[Task item]:
Find all lines below containing the string "text" and return them.

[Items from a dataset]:
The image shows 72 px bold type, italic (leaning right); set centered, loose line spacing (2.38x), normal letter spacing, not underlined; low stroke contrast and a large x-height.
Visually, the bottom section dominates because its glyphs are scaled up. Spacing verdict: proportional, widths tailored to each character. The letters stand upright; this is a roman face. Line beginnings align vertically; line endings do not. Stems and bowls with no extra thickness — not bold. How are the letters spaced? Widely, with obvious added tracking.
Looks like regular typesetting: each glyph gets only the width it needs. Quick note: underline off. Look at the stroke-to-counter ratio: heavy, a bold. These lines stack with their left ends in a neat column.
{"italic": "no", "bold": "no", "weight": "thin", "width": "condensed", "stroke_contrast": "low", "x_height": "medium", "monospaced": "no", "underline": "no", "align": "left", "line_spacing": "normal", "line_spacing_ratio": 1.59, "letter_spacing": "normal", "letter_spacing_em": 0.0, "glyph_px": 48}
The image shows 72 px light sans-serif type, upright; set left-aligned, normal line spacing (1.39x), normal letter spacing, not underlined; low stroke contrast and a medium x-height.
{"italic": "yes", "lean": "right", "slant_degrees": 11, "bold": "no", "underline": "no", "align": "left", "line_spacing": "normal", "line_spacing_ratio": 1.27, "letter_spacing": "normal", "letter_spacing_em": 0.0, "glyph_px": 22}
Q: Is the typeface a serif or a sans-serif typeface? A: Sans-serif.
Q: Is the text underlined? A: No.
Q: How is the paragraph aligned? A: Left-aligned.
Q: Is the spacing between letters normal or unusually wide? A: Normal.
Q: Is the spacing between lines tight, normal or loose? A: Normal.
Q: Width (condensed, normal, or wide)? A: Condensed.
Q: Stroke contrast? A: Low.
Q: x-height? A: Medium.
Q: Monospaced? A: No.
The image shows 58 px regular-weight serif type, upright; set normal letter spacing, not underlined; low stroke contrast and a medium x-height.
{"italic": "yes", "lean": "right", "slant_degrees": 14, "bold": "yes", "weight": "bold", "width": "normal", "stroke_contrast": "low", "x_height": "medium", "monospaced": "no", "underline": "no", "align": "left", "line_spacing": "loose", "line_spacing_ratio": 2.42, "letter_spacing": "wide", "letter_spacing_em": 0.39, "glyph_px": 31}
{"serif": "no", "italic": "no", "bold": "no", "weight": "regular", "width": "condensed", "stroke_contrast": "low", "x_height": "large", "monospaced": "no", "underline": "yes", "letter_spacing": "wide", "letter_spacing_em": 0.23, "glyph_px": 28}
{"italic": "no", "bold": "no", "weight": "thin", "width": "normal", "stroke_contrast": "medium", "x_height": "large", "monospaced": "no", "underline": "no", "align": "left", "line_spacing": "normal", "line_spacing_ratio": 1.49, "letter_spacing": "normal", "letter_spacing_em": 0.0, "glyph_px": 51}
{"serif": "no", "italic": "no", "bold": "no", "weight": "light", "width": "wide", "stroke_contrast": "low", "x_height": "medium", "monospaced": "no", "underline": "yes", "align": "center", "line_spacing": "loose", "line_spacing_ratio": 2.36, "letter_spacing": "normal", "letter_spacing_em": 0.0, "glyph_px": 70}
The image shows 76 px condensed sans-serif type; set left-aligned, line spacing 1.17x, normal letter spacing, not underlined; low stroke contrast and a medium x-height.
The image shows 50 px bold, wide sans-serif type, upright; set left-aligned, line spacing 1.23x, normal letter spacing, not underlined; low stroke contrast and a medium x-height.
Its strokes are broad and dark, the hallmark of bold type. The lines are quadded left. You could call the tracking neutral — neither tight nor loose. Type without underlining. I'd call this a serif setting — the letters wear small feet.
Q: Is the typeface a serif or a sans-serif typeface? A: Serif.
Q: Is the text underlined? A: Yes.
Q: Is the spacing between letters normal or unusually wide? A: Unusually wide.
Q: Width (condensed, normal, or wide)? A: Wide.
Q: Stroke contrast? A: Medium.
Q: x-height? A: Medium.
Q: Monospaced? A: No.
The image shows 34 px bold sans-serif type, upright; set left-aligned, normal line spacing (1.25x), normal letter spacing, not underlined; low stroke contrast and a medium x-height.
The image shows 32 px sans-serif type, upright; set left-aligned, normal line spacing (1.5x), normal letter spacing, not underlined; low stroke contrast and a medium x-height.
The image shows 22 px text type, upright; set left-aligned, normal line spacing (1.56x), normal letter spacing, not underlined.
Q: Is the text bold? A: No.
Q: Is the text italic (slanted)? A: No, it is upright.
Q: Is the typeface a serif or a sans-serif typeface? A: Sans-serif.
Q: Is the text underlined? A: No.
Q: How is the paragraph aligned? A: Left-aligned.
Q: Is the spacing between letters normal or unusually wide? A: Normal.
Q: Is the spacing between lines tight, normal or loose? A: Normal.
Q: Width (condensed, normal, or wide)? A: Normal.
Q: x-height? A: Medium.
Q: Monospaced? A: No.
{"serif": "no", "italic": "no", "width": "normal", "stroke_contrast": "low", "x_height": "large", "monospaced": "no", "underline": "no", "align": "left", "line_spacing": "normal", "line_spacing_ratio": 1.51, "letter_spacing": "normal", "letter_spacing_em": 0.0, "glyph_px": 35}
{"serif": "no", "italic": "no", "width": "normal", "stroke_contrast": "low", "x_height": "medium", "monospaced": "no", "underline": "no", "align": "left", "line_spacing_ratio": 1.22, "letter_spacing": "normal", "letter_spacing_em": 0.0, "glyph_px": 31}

[Written solution]:
Q: Is the text underlined? A: No.
Q: Is the text underlined? A: Yes.
The image shows 22 px text type, upright; set left-aligned, normal line spacing (1.56x), normal letter spacing, not underlined.
Q: Is the text bold? A: No.
Q: Is the text italic (slanted)? A: No, it is upright.
Q: Is the text underlined? A: No.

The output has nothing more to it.